■ **Instructions for the task**: Below are the records; locate each line with the word "serif" and copy it.

■ **Exercise data**:
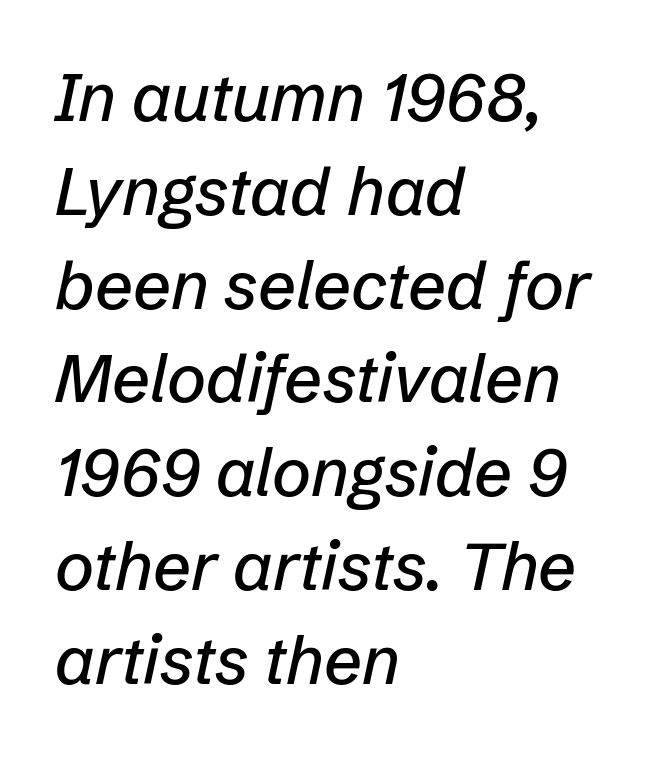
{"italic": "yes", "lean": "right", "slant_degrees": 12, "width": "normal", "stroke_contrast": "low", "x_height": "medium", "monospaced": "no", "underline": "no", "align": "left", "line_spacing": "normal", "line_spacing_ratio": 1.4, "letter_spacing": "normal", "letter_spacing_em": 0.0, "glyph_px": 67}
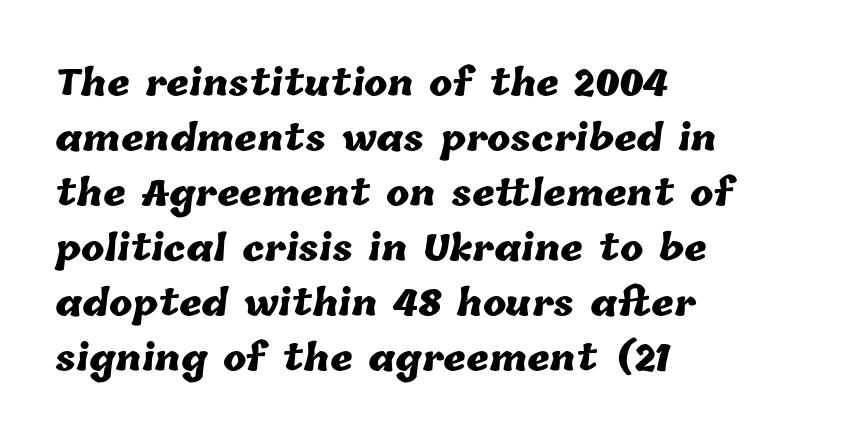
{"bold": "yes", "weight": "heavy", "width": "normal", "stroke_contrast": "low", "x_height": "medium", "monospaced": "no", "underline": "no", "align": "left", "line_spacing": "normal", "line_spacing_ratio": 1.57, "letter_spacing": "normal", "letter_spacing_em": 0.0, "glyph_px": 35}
--
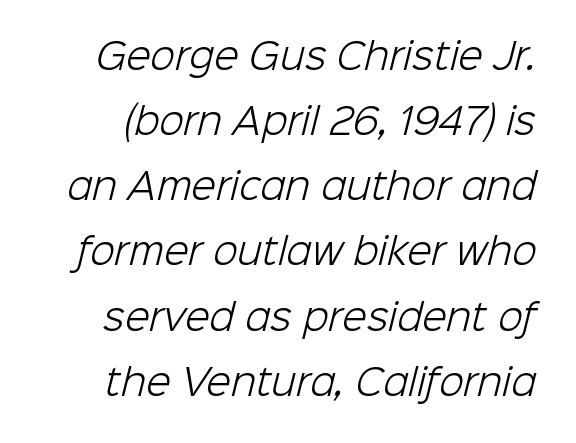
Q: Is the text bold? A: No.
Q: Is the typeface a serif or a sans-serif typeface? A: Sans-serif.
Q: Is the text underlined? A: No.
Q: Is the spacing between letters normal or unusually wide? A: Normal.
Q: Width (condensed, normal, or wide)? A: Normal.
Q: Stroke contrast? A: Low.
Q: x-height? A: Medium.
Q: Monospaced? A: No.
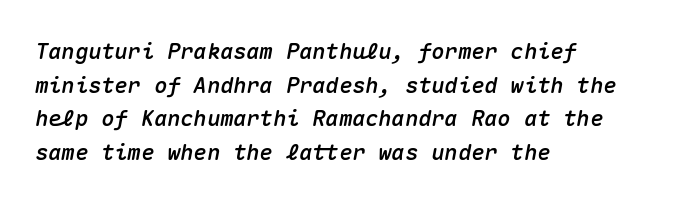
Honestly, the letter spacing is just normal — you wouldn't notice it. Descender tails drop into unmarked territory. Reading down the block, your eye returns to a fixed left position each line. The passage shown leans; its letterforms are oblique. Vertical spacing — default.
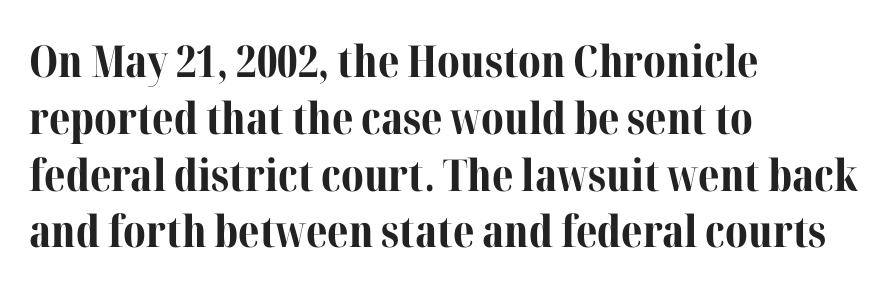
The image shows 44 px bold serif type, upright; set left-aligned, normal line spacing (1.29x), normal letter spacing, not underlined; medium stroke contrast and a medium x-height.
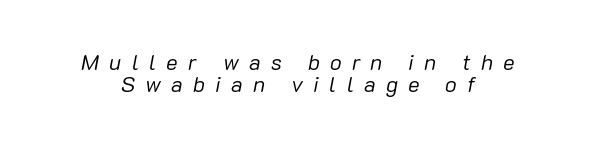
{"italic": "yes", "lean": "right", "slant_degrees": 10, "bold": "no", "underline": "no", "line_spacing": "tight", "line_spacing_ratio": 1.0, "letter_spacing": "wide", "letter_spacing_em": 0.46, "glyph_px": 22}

■ **Expected output**:
Q: Is the typeface a serif or a sans-serif typeface? A: Sans-serif.
The image shows 44 px bold serif type, upright; set left-aligned, normal line spacing (1.29x), normal letter spacing, not underlined; medium stroke contrast and a medium x-height.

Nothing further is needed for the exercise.